TEMPO.CO, Jakarta - Badan Pusat Statistik (BPS) mencatat impor bahan baku / penolong pada Juni 2020 sebesar US$ 7,58 miliar, atau tumbuh 24,01 persen dibandingkan Mei 2020. Barang modal juga mengalami peningkatan nilai impor sebesar 27,35 persen secara bulanan menjadi US$ 1,77 miliar. Komoditas bahan baku / penolong yang mengalami peningkatan impor antara lain bijih besi, serta gula dan kembang gula. Sementara itu, barang modal yang impornya melonjak antara lain laptop, serta mesin dan peralatan mekanis.
Kepala Ekonom PT Bank Permata Tbk, Josua Pardede berujar kenaikan impor bahan baku / penolong dan barang modal pada Juni lalu, merupakan dampak dari pelonggaran kebijakan pembatasan sosial berskala besar (PSBB) dan pembukaan aktivitas ekonomi secara bertahap.

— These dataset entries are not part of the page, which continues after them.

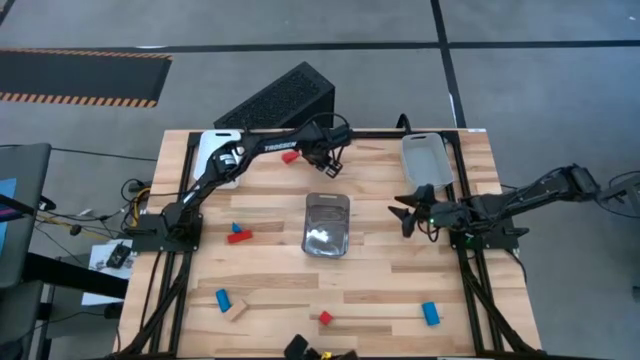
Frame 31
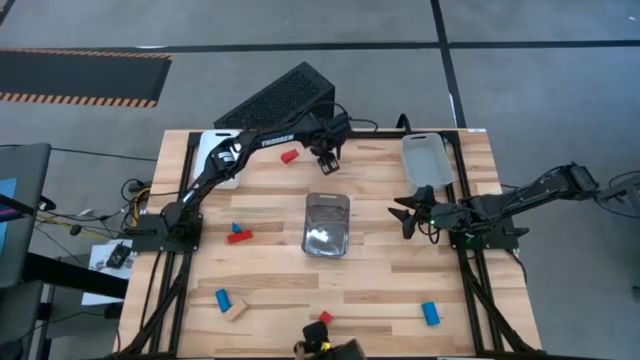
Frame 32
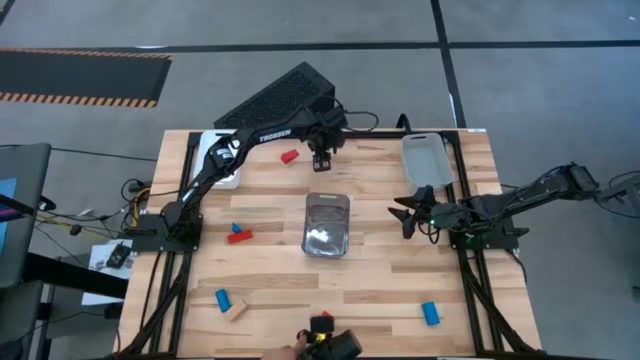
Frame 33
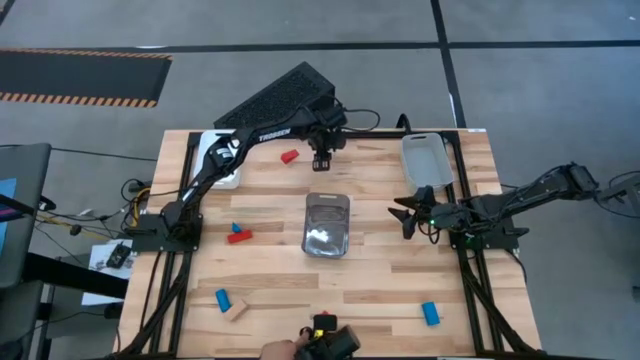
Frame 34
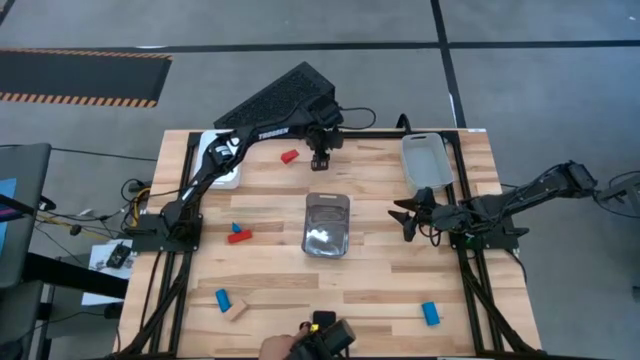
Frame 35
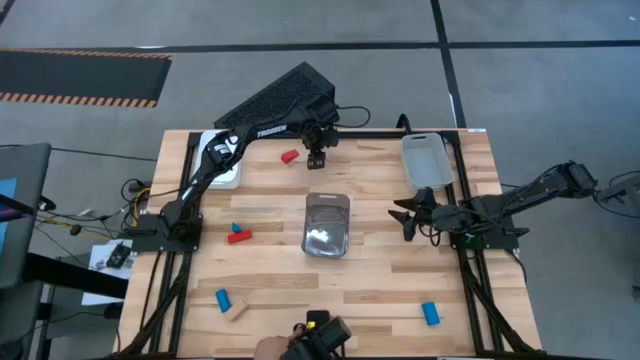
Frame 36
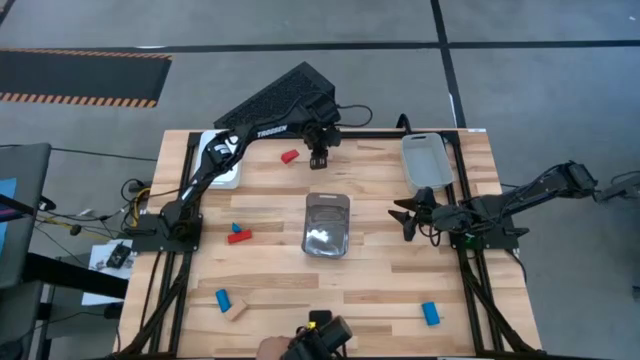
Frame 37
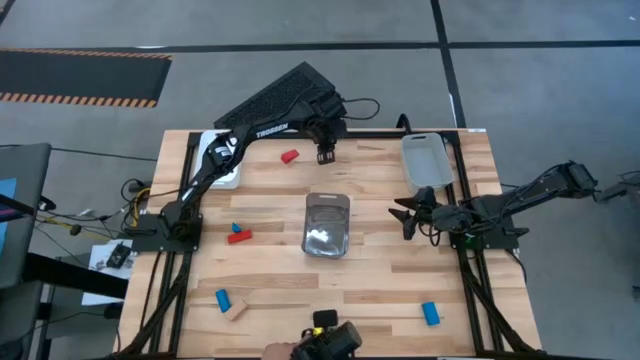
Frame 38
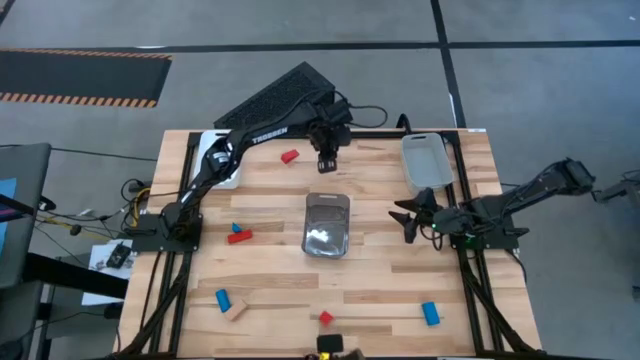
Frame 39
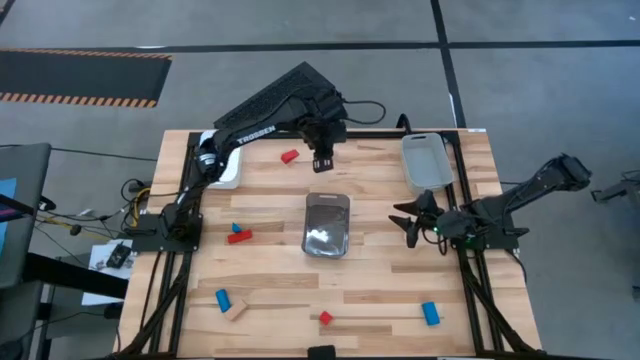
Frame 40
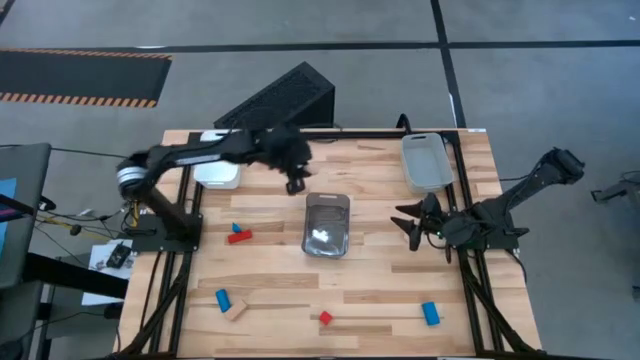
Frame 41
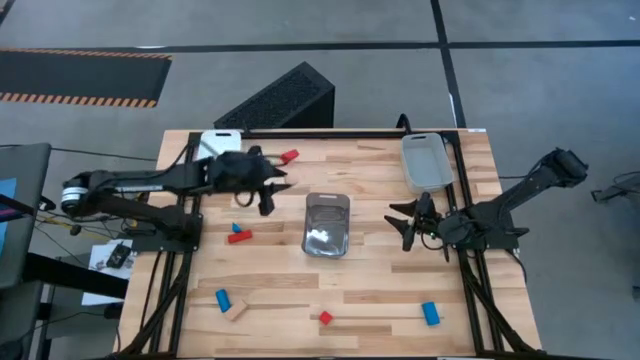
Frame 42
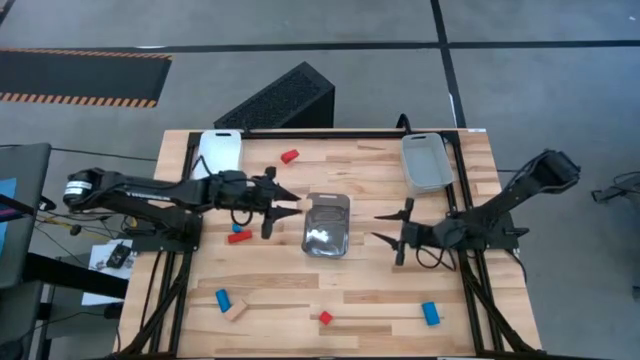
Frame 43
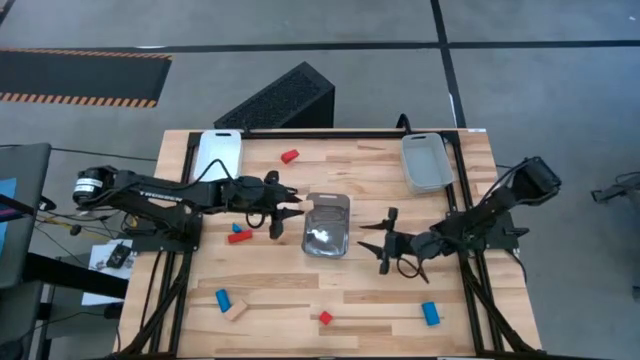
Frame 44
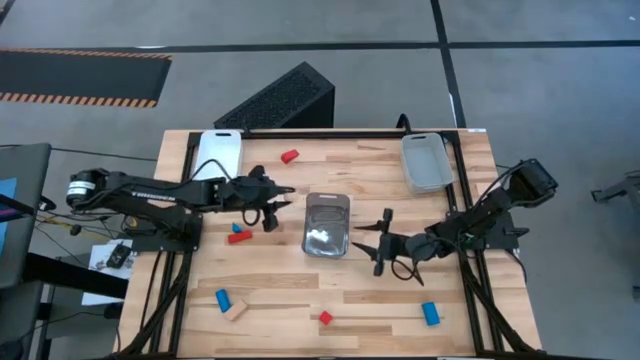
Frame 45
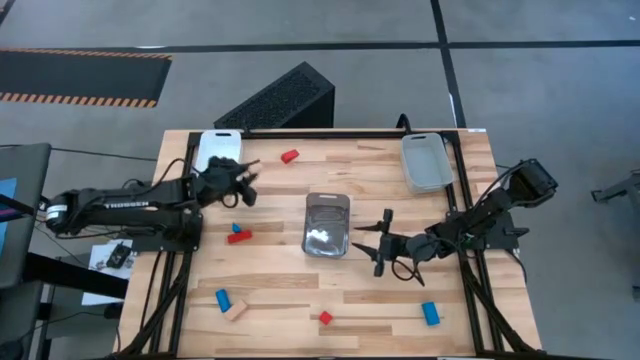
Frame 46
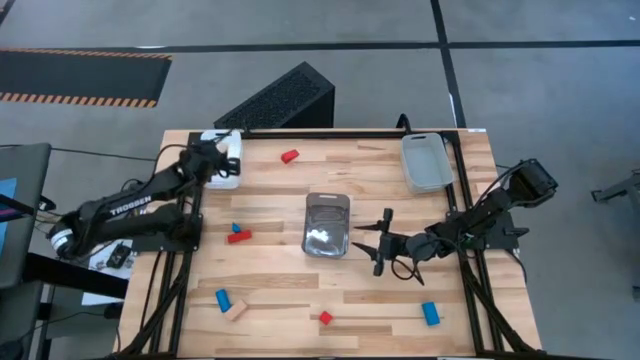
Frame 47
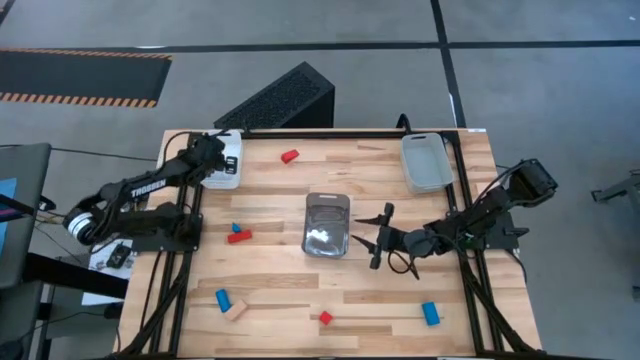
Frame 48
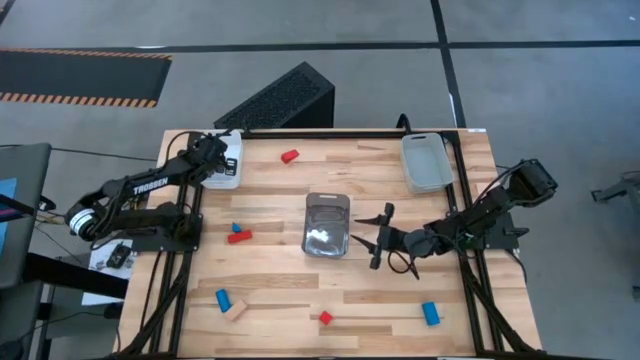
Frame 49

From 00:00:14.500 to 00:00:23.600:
Task: Sort & place blocks by color
Put the top brown block into the white bin

“Tren positif dari aktivitas manufaktur ini bisa terus berlanjut asalkan penyebaran virus Covid-19 di Indonesia dapat terus dikendalikan,” katanya, Rabu 15 Juli 2020. Josua menuturkan apabila penyebaran virus tidak dapat dikendalikan, maka dikhawatirkan kembali terjadi penurunan produktivitas para pekerja, dan berujung pada terhambatnya aktivitas industri secara keseluruhan.
Secara keseluruhan, nilai impor pada Juni 2020 mencapai US$ 10,76 miliar, naik 27,56 persen dibandingkan Mei 2020, namun masih turun 6,36 persen jika dibandingkan dengan Juni 2019. Di sisi lain, nilai ekspor tumbuh 15,09 persen secara bulanan menjadi US$ 12,03 miliar, serta meningkat 2,28 persen secara tahunan.
Dengan demikian, neraca perdagangan Indonesia pada Juni 2020 mengalami surplus sebesar US$ 1,27 miliar. “Kami berharap tren positif ini terus berlanjut,” kata Suhariyanto, Kepala BPS.
Direktur Riset Center of Reform on Economics (CORE) Indonesia, Piter Abdullah mengatakan surplus neraca dagang kali ini tidak sepenuhnya menggembirakan. Alih-alih disebabkan oleh kenaikan ekspor, surplus yang terjadi lebih disebabkan oleh penurunan impor yang lebih besar ketimbang penurunan ekspor.
“Ini artinya aktivitas ekonomi produktif kita memant masih terhenti,” ujarnya. Menurut Piter, surplus yang terjadi belum menunjukkan perubahan struktur ekonomi yang lebih baik. “Ini juga berarti perbaikan neraca perdagangan belum diyakini berkelanjutan.”